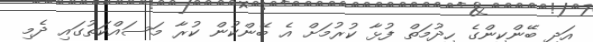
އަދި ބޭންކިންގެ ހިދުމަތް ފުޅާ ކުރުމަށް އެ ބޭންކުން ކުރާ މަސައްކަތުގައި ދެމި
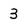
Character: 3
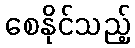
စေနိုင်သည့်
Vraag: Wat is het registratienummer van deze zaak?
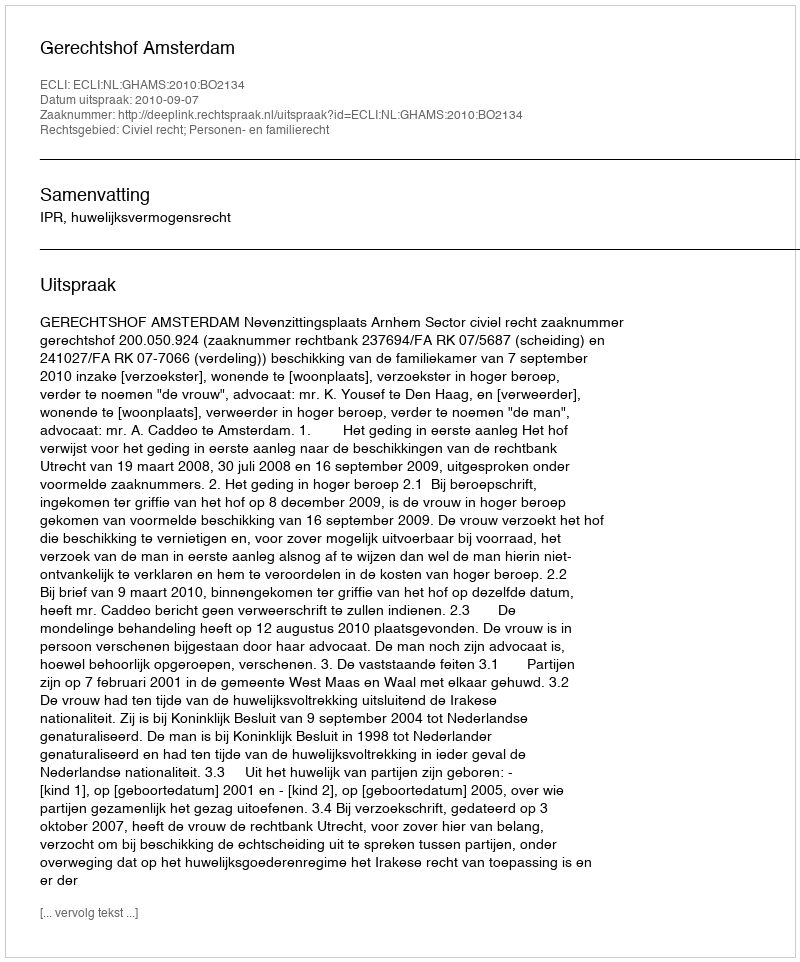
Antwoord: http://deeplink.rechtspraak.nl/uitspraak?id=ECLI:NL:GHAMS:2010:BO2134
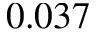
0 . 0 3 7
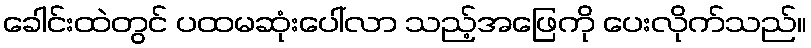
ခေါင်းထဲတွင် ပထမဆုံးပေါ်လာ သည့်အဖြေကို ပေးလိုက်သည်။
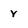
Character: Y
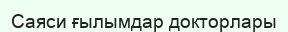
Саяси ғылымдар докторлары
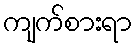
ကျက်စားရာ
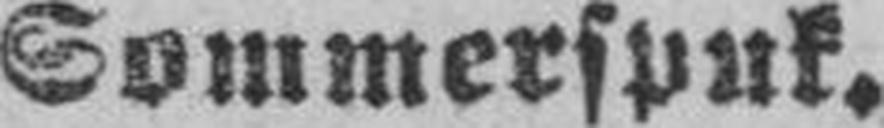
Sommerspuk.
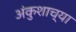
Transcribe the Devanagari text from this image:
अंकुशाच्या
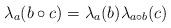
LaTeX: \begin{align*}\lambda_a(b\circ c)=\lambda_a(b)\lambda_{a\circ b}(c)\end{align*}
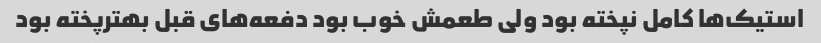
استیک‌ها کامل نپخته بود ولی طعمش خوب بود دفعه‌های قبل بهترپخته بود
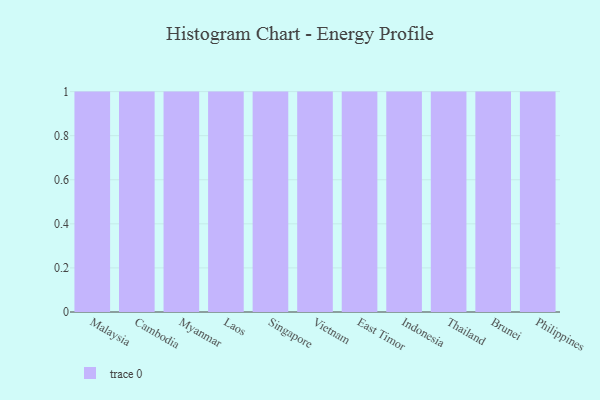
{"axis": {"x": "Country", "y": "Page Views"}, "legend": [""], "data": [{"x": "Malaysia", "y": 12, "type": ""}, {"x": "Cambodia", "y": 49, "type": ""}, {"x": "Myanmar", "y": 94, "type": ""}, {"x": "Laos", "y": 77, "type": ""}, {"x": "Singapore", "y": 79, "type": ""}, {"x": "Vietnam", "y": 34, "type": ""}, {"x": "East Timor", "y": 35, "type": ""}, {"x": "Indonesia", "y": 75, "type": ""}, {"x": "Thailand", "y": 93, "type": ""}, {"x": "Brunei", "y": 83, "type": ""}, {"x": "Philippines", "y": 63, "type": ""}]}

==

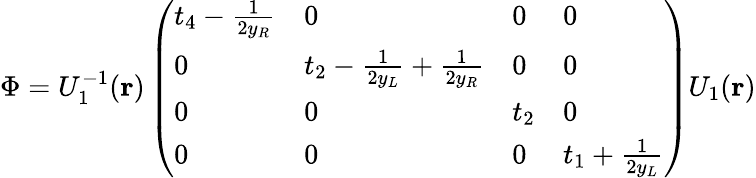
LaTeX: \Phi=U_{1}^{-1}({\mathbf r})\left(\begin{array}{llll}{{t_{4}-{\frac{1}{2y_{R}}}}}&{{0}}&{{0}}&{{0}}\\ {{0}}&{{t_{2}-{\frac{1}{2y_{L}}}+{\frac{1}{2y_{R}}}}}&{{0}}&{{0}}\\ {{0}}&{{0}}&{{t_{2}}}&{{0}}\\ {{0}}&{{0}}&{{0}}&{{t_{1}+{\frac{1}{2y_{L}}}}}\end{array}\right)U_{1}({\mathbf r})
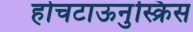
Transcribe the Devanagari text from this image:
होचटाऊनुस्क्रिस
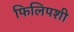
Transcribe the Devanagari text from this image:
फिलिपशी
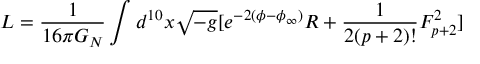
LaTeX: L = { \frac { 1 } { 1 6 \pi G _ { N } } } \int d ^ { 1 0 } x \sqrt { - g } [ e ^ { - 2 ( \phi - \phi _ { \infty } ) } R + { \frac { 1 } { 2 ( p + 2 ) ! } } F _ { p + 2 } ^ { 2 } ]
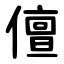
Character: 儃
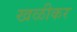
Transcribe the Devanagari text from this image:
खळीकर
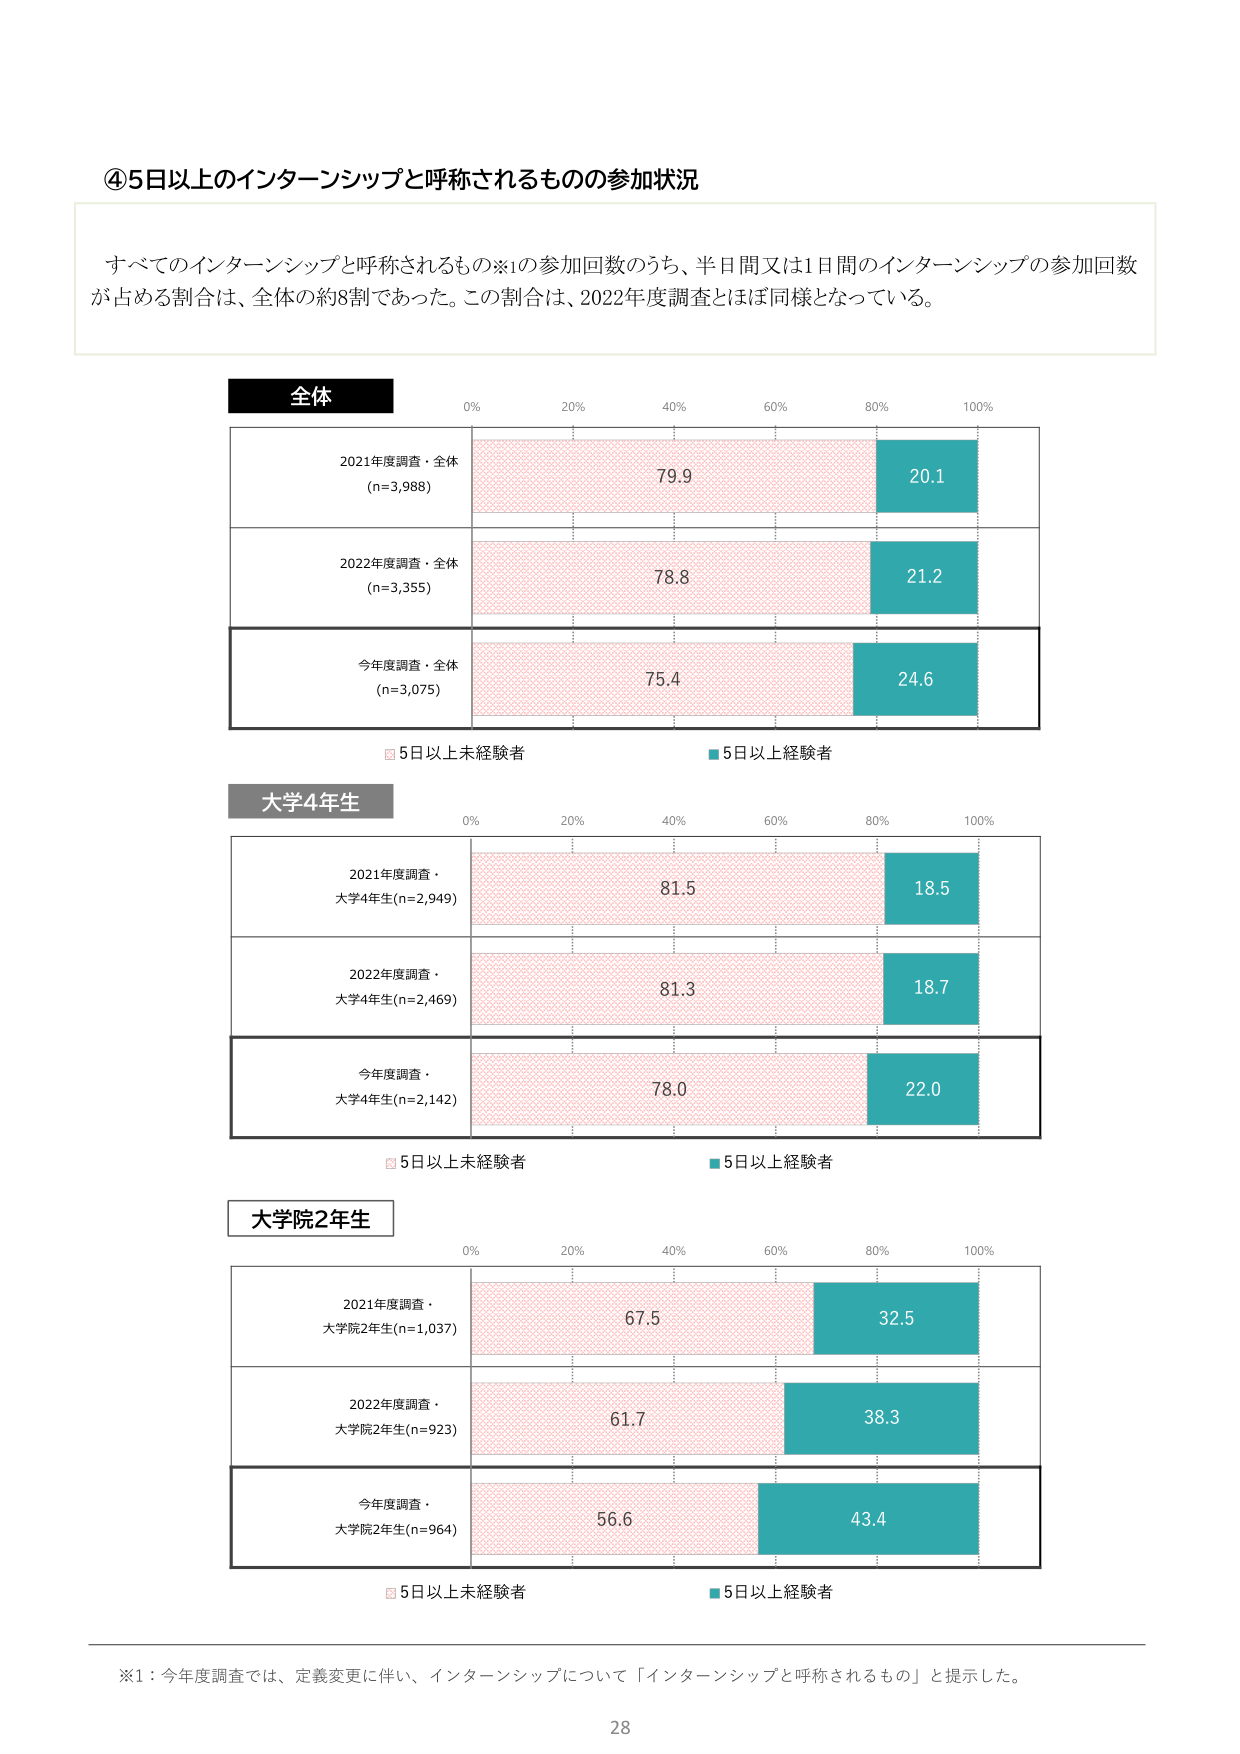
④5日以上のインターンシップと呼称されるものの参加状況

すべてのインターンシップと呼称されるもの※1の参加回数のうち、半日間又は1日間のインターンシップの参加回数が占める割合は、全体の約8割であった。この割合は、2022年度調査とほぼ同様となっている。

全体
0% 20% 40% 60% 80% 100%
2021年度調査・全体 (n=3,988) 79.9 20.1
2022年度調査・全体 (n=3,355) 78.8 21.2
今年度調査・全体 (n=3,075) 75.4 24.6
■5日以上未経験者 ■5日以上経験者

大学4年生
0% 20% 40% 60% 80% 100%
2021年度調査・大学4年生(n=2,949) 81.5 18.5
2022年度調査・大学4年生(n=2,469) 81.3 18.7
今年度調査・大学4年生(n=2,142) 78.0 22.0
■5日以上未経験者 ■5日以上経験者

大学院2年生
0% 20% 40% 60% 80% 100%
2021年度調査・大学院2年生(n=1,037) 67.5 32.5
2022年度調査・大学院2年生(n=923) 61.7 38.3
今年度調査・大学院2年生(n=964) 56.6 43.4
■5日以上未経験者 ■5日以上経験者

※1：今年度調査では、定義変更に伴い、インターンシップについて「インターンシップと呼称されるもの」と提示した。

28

Your assignment
In the data above, find the line containing "( \phi - \phi" and the line containing "④5日以上のインターンシップと呼称されるものの参加状況". Repeat those two lines and everything between them exactly, minus the pictures.

Task output
LaTeX: L = { \frac { 1 } { 1 6 \pi G _ { N } } } \int d ^ { 1 0 } x \sqrt { - g } [ e ^ { - 2 ( \phi - \phi _ { \infty } ) } R + { \frac { 1 } { 2 ( p + 2 ) ! } } F _ { p + 2 } ^ { 2 } ]
Character: 儃
Transcribe the Devanagari text from this image:
खळीकर
④5日以上のインターンシップと呼称されるものの参加状況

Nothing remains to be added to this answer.